Word for word, set down the entries below.

[Stored dataset items]
::::

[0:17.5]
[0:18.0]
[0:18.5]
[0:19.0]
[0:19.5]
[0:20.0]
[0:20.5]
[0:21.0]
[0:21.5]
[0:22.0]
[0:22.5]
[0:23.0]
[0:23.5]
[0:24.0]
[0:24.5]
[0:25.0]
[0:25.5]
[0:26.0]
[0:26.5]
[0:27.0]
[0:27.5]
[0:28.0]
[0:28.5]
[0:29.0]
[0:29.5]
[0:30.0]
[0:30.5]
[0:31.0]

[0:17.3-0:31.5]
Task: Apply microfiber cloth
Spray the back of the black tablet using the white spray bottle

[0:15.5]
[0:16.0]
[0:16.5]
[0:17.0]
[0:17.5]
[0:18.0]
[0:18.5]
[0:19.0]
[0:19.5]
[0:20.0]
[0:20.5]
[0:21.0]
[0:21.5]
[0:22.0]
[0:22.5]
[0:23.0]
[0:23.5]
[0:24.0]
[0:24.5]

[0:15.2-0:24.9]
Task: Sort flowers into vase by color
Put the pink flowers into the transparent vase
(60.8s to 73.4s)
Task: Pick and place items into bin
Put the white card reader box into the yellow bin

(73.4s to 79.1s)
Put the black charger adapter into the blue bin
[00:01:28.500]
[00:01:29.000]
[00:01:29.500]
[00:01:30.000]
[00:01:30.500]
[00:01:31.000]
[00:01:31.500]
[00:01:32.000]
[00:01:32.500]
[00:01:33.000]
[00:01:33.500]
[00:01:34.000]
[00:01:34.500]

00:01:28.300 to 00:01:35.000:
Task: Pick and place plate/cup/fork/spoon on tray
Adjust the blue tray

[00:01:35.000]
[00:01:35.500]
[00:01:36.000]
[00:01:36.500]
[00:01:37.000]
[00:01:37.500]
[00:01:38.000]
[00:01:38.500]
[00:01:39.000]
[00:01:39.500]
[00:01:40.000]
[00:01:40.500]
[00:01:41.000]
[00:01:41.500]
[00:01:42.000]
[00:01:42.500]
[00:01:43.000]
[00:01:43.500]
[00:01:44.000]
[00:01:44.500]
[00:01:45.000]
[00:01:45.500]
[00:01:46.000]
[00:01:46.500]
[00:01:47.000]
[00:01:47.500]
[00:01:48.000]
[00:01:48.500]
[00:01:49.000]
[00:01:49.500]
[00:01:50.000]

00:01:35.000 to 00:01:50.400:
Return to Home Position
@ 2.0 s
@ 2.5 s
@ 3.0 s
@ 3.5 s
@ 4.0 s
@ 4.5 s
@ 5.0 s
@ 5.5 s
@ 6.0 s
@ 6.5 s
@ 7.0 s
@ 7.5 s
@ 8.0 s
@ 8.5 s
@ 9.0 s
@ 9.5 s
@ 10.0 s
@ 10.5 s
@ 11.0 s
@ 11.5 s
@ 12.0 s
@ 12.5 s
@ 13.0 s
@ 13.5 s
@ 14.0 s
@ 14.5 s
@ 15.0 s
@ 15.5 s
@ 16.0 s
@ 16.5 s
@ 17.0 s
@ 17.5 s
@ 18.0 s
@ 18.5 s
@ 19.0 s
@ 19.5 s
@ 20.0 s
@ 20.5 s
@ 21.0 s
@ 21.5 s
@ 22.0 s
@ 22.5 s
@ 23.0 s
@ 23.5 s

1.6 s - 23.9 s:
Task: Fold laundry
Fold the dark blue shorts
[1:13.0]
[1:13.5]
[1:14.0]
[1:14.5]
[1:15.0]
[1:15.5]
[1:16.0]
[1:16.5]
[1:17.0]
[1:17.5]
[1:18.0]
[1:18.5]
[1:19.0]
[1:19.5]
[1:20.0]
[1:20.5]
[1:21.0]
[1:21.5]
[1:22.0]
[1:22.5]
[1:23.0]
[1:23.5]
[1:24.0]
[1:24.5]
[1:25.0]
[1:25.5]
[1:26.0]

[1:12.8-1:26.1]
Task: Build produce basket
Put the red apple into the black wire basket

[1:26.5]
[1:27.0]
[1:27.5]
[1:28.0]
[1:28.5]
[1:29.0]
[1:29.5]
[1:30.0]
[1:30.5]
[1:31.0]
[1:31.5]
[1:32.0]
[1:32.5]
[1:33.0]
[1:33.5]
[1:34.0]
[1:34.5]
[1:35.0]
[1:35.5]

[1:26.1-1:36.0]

::::

■ Answer for the task
[0:17.5]
[0:18.0]
[0:18.5]
[0:19.0]
[0:19.5]
[0:20.0]
[0:20.5]
[0:21.0]
[0:21.5]
[0:22.0]
[0:22.5]
[0:23.0]
[0:23.5]
[0:24.0]
[0:24.5]
[0:25.0]
[0:25.5]
[0:26.0]
[0:26.5]
[0:27.0]
[0:27.5]
[0:28.0]
[0:28.5]
[0:29.0]
[0:29.5]
[0:30.0]
[0:30.5]
[0:31.0]

[0:17.3-0:31.5]
Task: Apply microfiber cloth
Spray the back of the black tablet using the white spray bottle

[0:15.5]
[0:16.0]
[0:16.5]
[0:17.0]
[0:17.5]
[0:18.0]
[0:18.5]
[0:19.0]
[0:19.5]
[0:20.0]
[0:20.5]
[0:21.0]
[0:21.5]
[0:22.0]
[0:22.5]
[0:23.0]
[0:23.5]
[0:24.0]
[0:24.5]

[0:15.2-0:24.9]
Task: Sort flowers into vase by color
Put the pink flowers into the transparent vase
(60.8s to 73.4s)
Task: Pick and place items into bin
Put the white card reader box into the yellow bin

(73.4s to 79.1s)
Put the black charger adapter into the blue bin
[00:01:28.500]
[00:01:29.000]
[00:01:29.500]
[00:01:30.000]
[00:01:30.500]
[00:01:31.000]
[00:01:31.500]
[00:01:32.000]
[00:01:32.500]
[00:01:33.000]
[00:01:33.500]
[00:01:34.000]
[00:01:34.500]

00:01:28.300 to 00:01:35.000:
Task: Pick and place plate/cup/fork/spoon on tray
Adjust the blue tray

[00:01:35.000]
[00:01:35.500]
[00:01:36.000]
[00:01:36.500]
[00:01:37.000]
[00:01:37.500]
[00:01:38.000]
[00:01:38.500]
[00:01:39.000]
[00:01:39.500]
[00:01:40.000]
[00:01:40.500]
[00:01:41.000]
[00:01:41.500]
[00:01:42.000]
[00:01:42.500]
[00:01:43.000]
[00:01:43.500]
[00:01:44.000]
[00:01:44.500]
[00:01:45.000]
[00:01:45.500]
[00:01:46.000]
[00:01:46.500]
[00:01:47.000]
[00:01:47.500]
[00:01:48.000]
[00:01:48.500]
[00:01:49.000]
[00:01:49.500]
[00:01:50.000]

00:01:35.000 to 00:01:50.400:
Return to Home Position
@ 2.0 s
@ 2.5 s
@ 3.0 s
@ 3.5 s
@ 4.0 s
@ 4.5 s
@ 5.0 s
@ 5.5 s
@ 6.0 s
@ 6.5 s
@ 7.0 s
@ 7.5 s
@ 8.0 s
@ 8.5 s
@ 9.0 s
@ 9.5 s
@ 10.0 s
@ 10.5 s
@ 11.0 s
@ 11.5 s
@ 12.0 s
@ 12.5 s
@ 13.0 s
@ 13.5 s
@ 14.0 s
@ 14.5 s
@ 15.0 s
@ 15.5 s
@ 16.0 s
@ 16.5 s
@ 17.0 s
@ 17.5 s
@ 18.0 s
@ 18.5 s
@ 19.0 s
@ 19.5 s
@ 20.0 s
@ 20.5 s
@ 21.0 s
@ 21.5 s
@ 22.0 s
@ 22.5 s
@ 23.0 s
@ 23.5 s

1.6 s - 23.9 s:
Task: Fold laundry
Fold the dark blue shorts
[1:13.0]
[1:13.5]
[1:14.0]
[1:14.5]
[1:15.0]
[1:15.5]
[1:16.0]
[1:16.5]
[1:17.0]
[1:17.5]
[1:18.0]
[1:18.5]
[1:19.0]
[1:19.5]
[1:20.0]
[1:20.5]
[1:21.0]
[1:21.5]
[1:22.0]
[1:22.5]
[1:23.0]
[1:23.5]
[1:24.0]
[1:24.5]
[1:25.0]
[1:25.5]
[1:26.0]

[1:12.8-1:26.1]
Task: Build produce basket
Put the red apple into the black wire basket

[1:26.5]
[1:27.0]
[1:27.5]
[1:28.0]
[1:28.5]
[1:29.0]
[1:29.5]
[1:30.0]
[1:30.5]
[1:31.0]
[1:31.5]
[1:32.0]
[1:32.5]
[1:33.0]
[1:33.5]
[1:34.0]
[1:34.5]
[1:35.0]
[1:35.5]

[1:26.1-1:36.0]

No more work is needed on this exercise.